Andy, I can't see what "misconceptions" I had in my reasoning. All I basically did was throw a bunch of setup combinations in MotoCalc, and prefered the ones that gave me the best total climb per charge. You understand what I mean by total climb per charge, eh?

total climb = rate of climb x flight time

Where flight time is the amount of time I get from the battery pack at full throttle.

I don't care how fast the glider zips up to thermal hunting altitude -- as long as it's reasonable (I don't do competitions). I just want to get the most "launches" per single battery charge. That number of launches is calculated by:

# lauches = total climb / launch height

The only misconceptions that I see I might have, is believing that the motor parameters are accurate and that MotoCalc is accurate.

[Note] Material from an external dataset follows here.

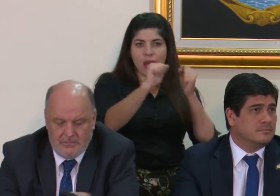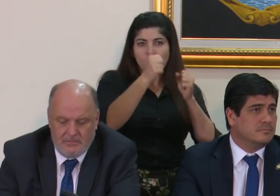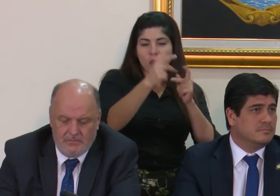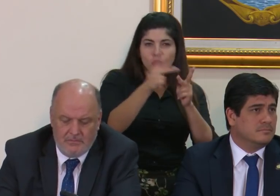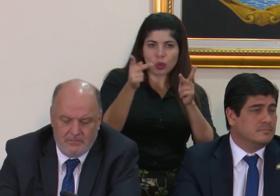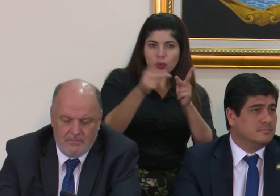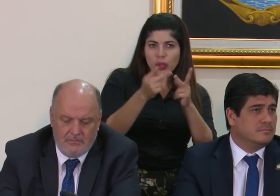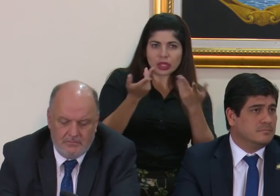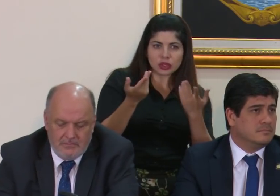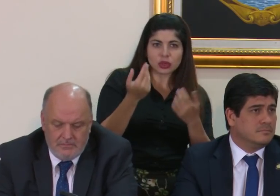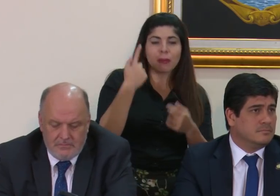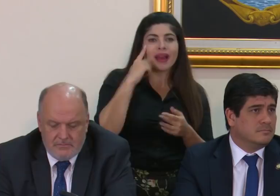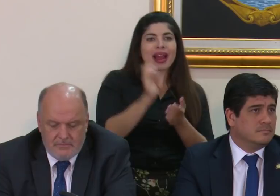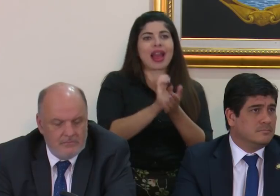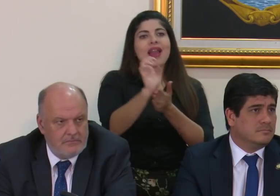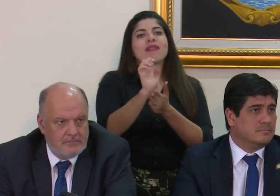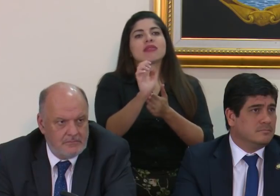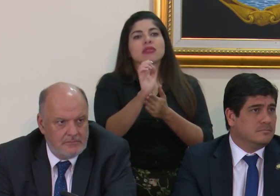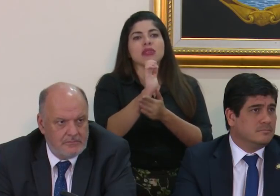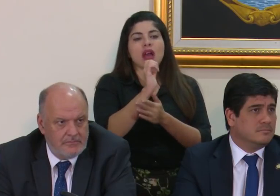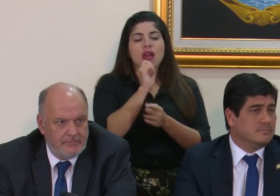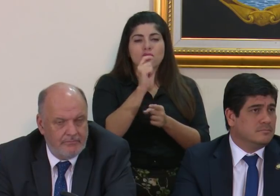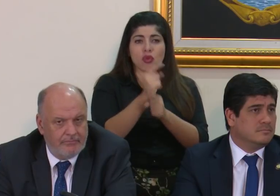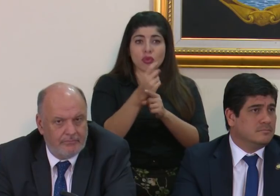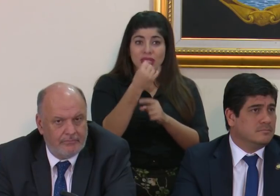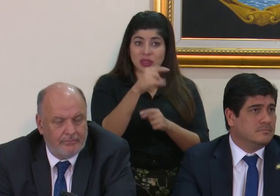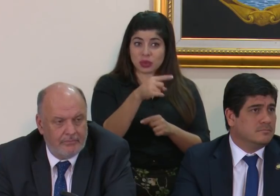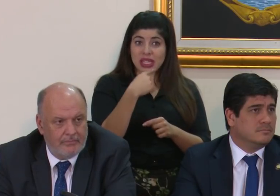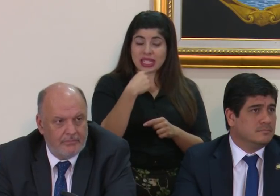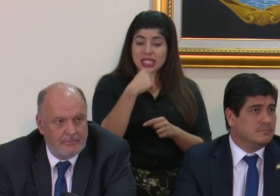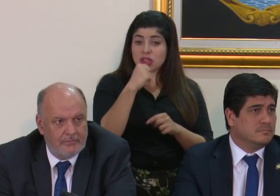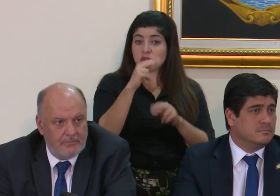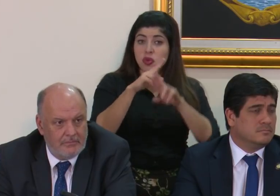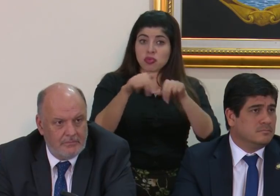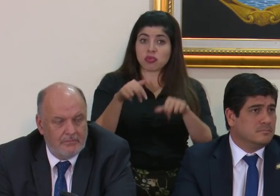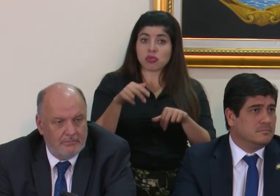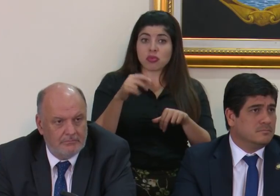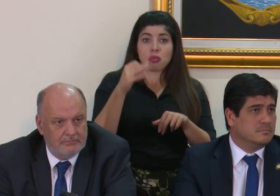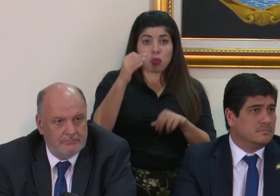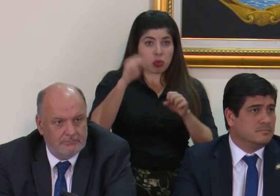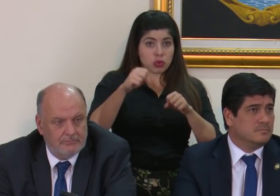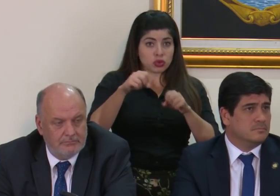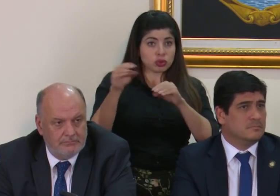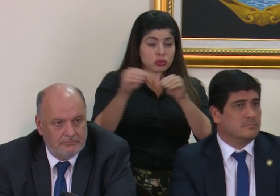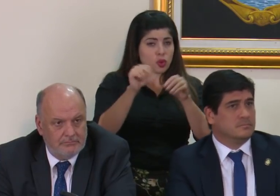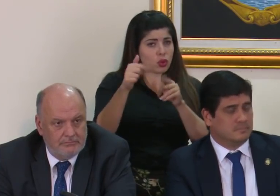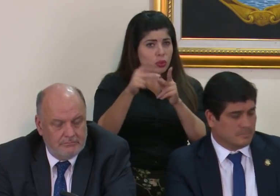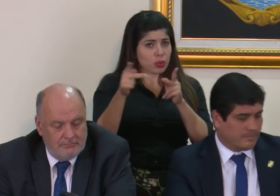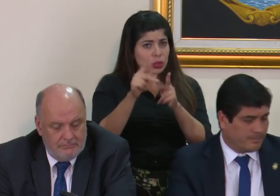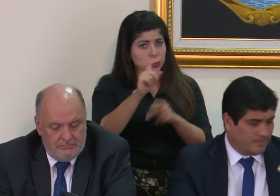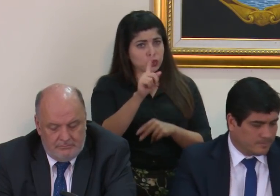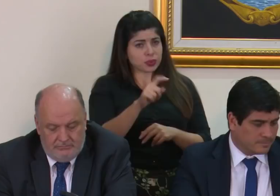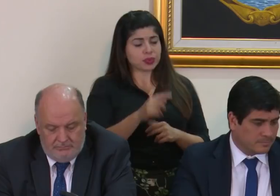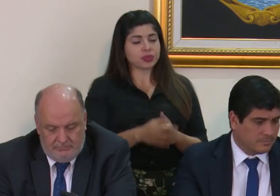para evitar imprecisiones. Si usted no descarta nombrar a ambos en otros cargos. Gracias.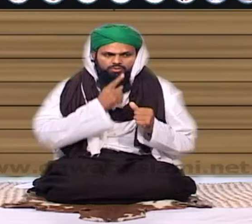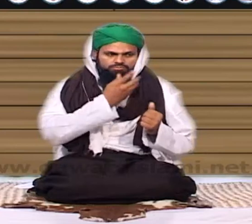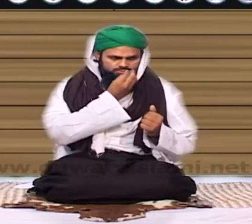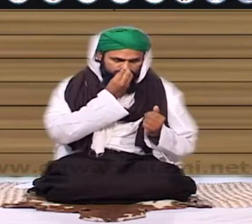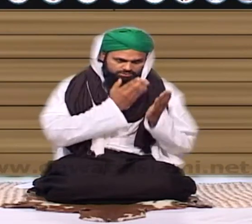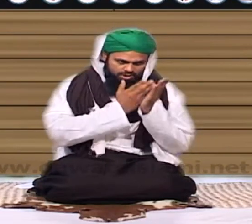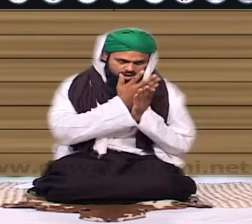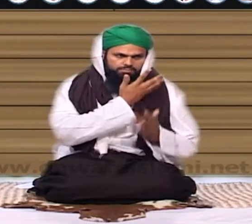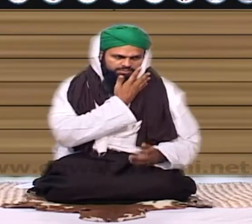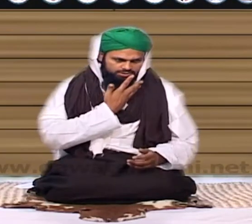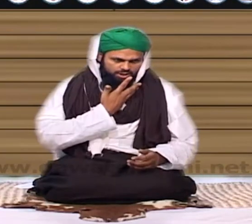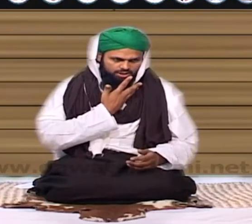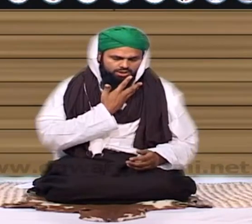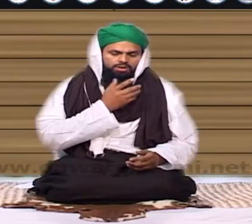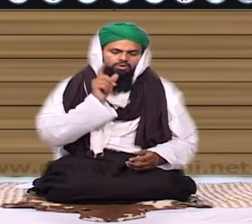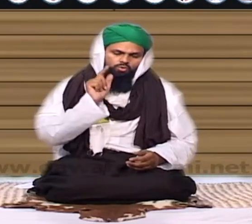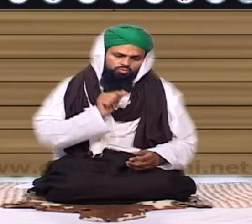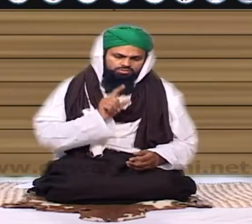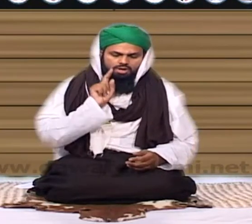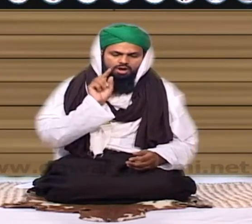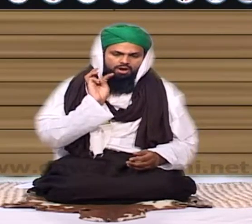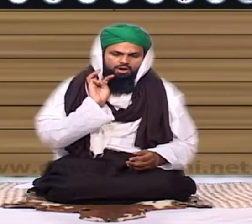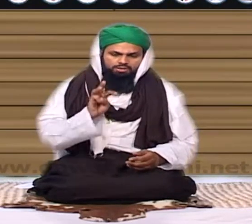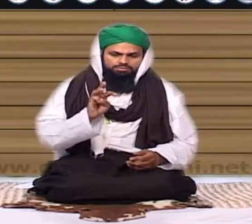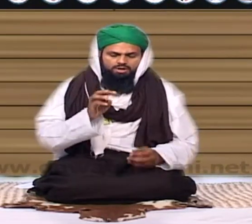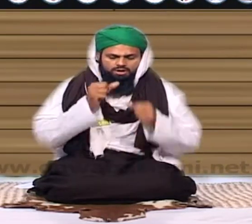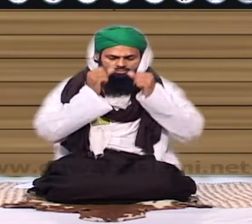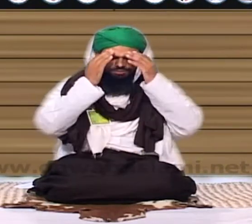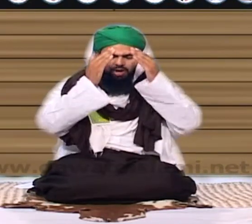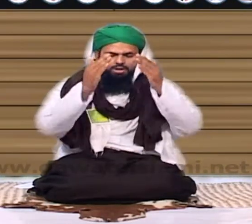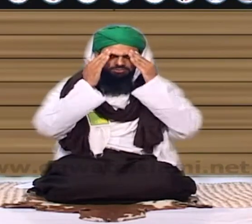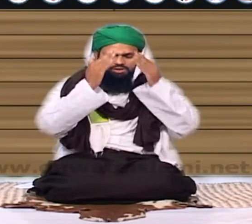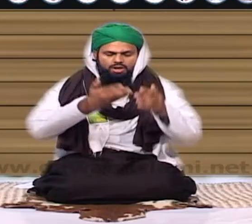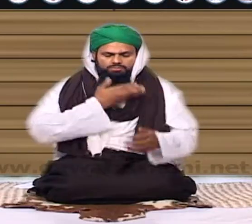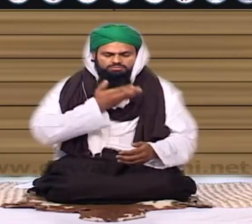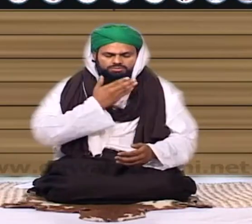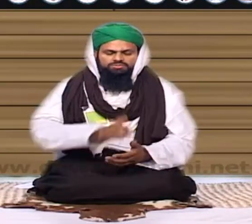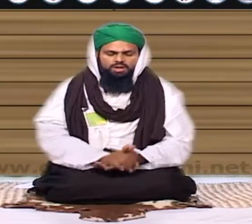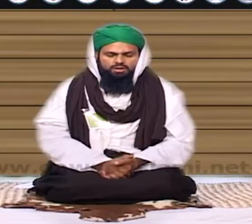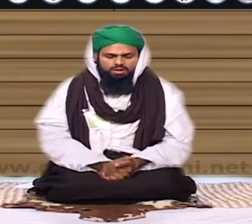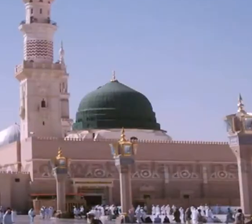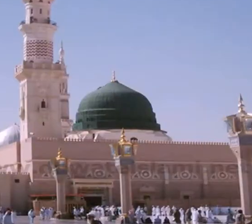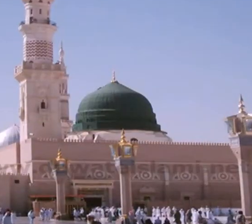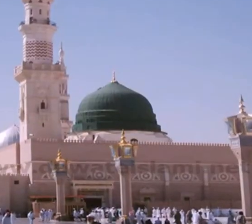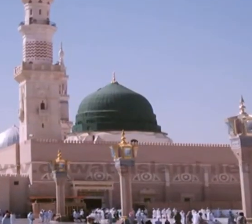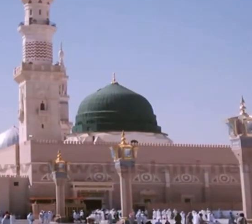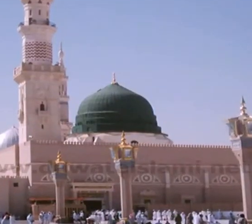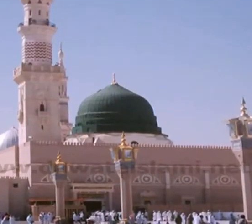چاہتے تو یوں کرو کہ روزانہ رات کو ہزار بار قلوب شرک پڑھیا تھا اللہ صلی اللہ وسلم مبارک علیہ سیدنا و مولان

I have admitted that my procedure, as written, was too terse and hard to read, but I can't accept that I had "misconceptions" without any justification on your part. If you believe I had misconceptions, you therefore must've been able to follow me up to a certain point.

As for relying on what works for others... I don't know. In general, it seems that people are more interested in climbing fast rather than getting the most launches out of single charge. That's what motivated me to use MotoCalc.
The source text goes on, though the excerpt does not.